What you should do: Without the pictures, repeat all of the data exactly as it appears below.

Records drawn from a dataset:
──────

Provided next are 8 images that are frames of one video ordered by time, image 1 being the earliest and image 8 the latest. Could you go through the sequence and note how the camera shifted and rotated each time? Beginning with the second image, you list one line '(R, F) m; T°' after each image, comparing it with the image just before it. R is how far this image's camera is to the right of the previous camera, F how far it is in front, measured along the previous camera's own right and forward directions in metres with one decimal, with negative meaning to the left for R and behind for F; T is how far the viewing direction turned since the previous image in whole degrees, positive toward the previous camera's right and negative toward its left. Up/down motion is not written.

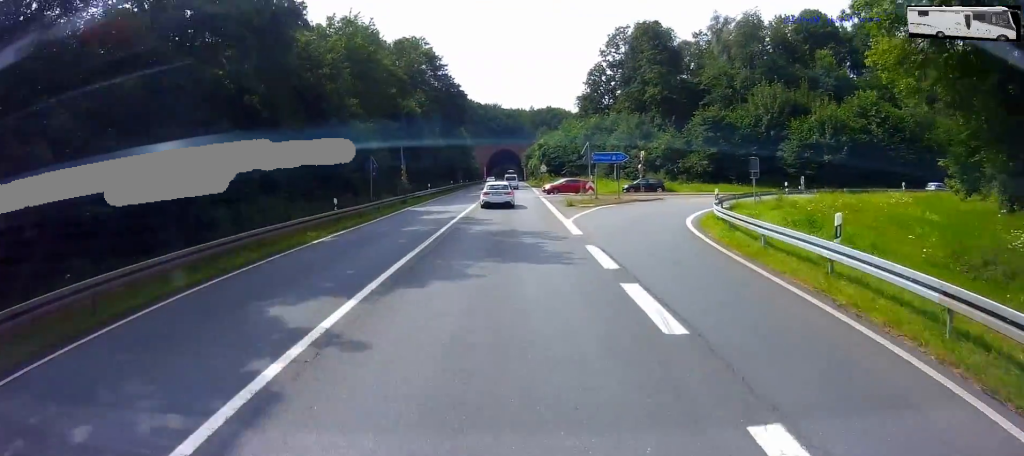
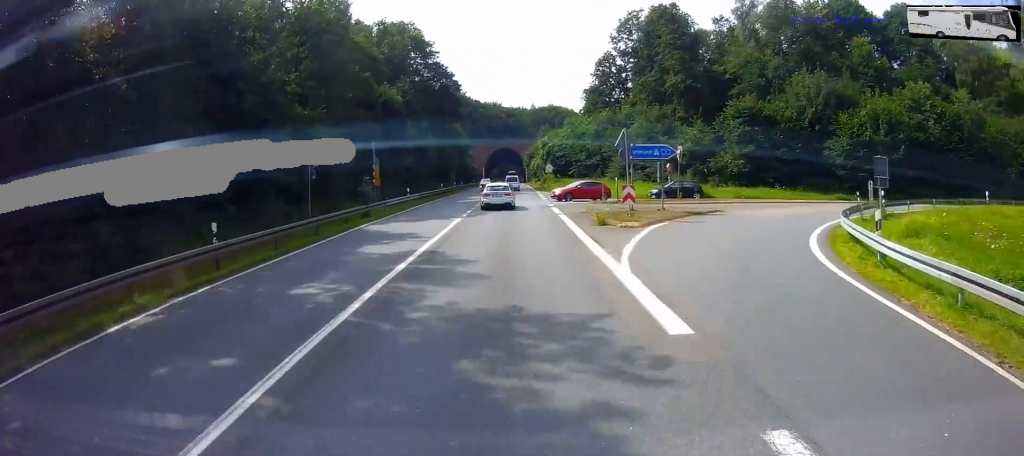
(0.0, +10.4) m; 0°
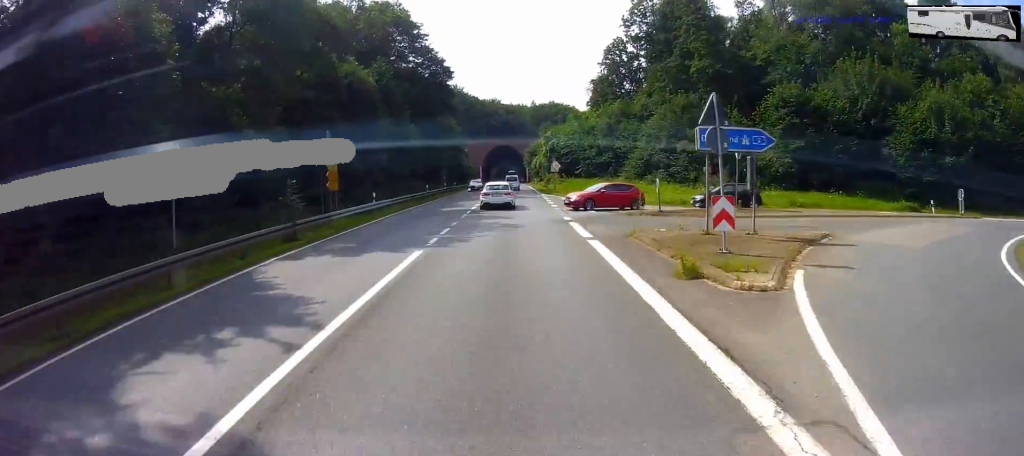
(0.0, +10.1) m; 0°
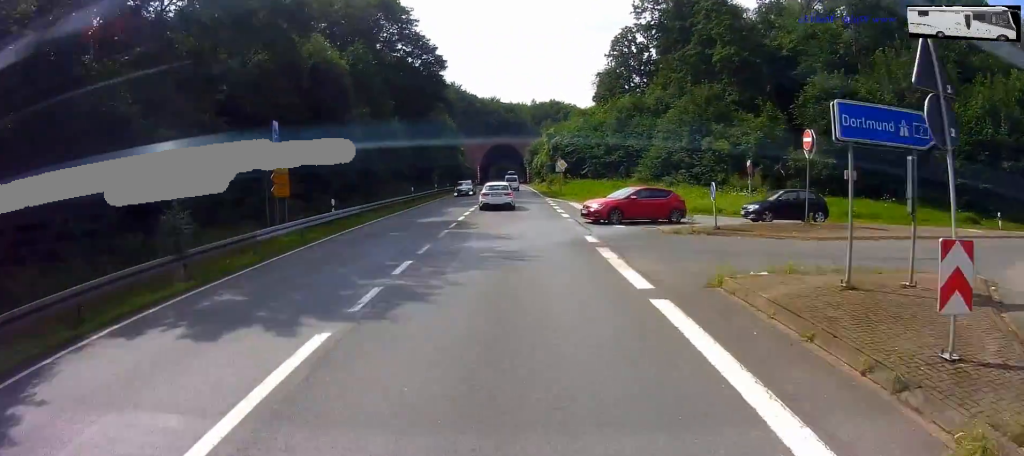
(0.0, +7.3) m; 0°
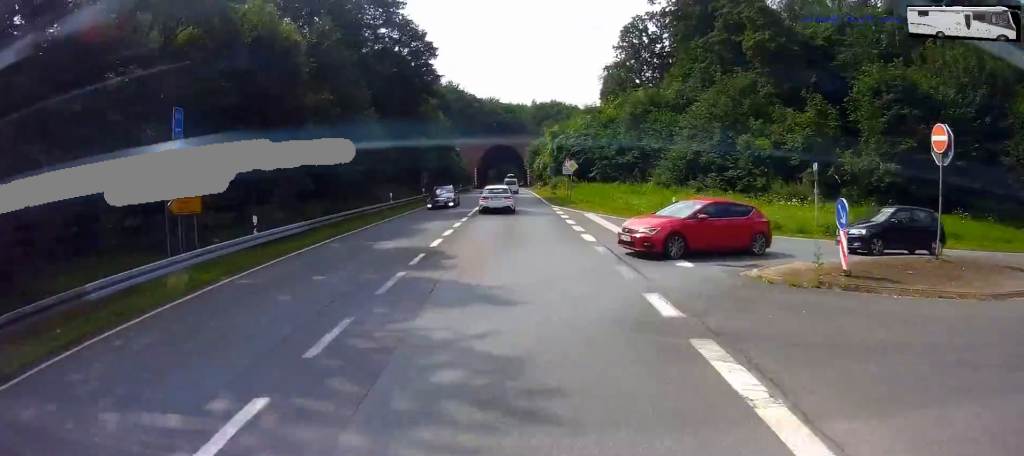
(0.0, +8.0) m; 0°
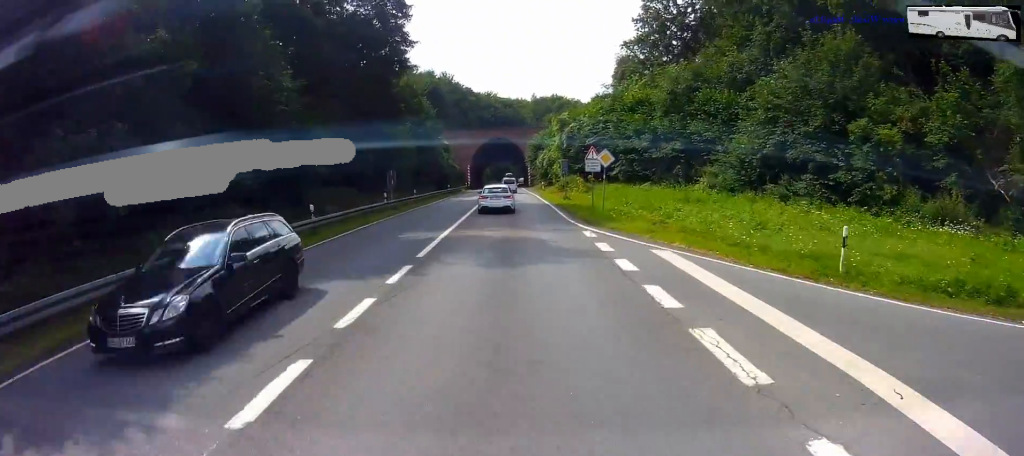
(0.0, +14.8) m; 0°
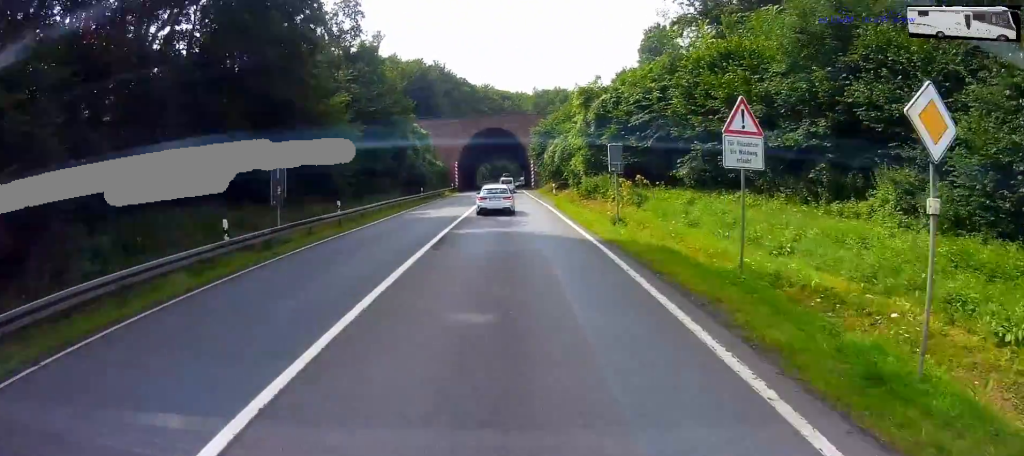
(0.0, +20.8) m; 0°
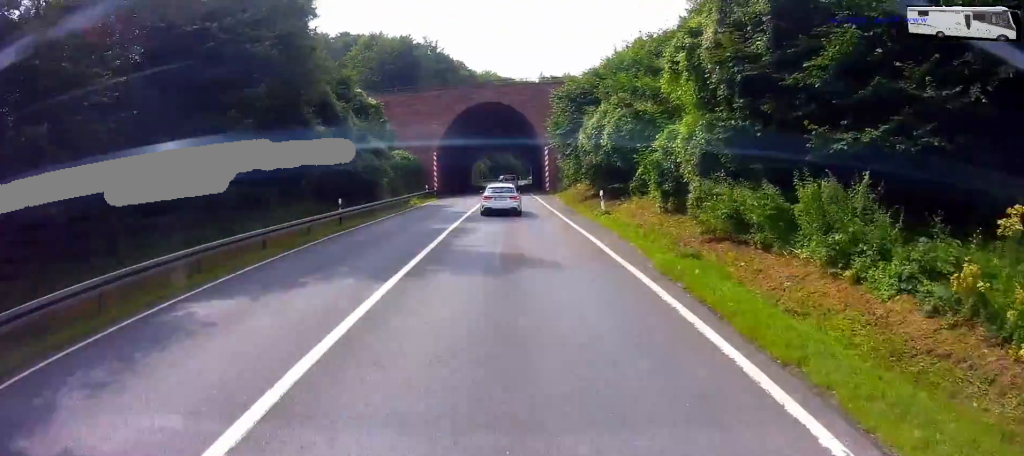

──────

Your response:
Provided next are 8 images that are frames of one video ordered by time, image 1 being the earliest and image 8 the latest. Could you go through the sequence and note how the camera shifted and rotated each time? Beginning with the second image, you list one line '(R, F) m; T°' after each image, comparing it with the image just before it. R is how far this image's camera is to the right of the previous camera, F how far it is in front, measured along the previous camera's own right and forward directions in metres with one decimal, with negative meaning to the left for R and behind for F; T is how far the viewing direction turned since the previous image in whole degrees, positive toward the previous camera's right and negative toward its left. Up/down motion is not written.

(0.0, +10.4) m; 0°
(0.0, +10.1) m; 0°
(0.0, +7.3) m; 0°
(0.0, +8.0) m; 0°
(0.0, +14.8) m; 0°
(0.0, +20.8) m; 0°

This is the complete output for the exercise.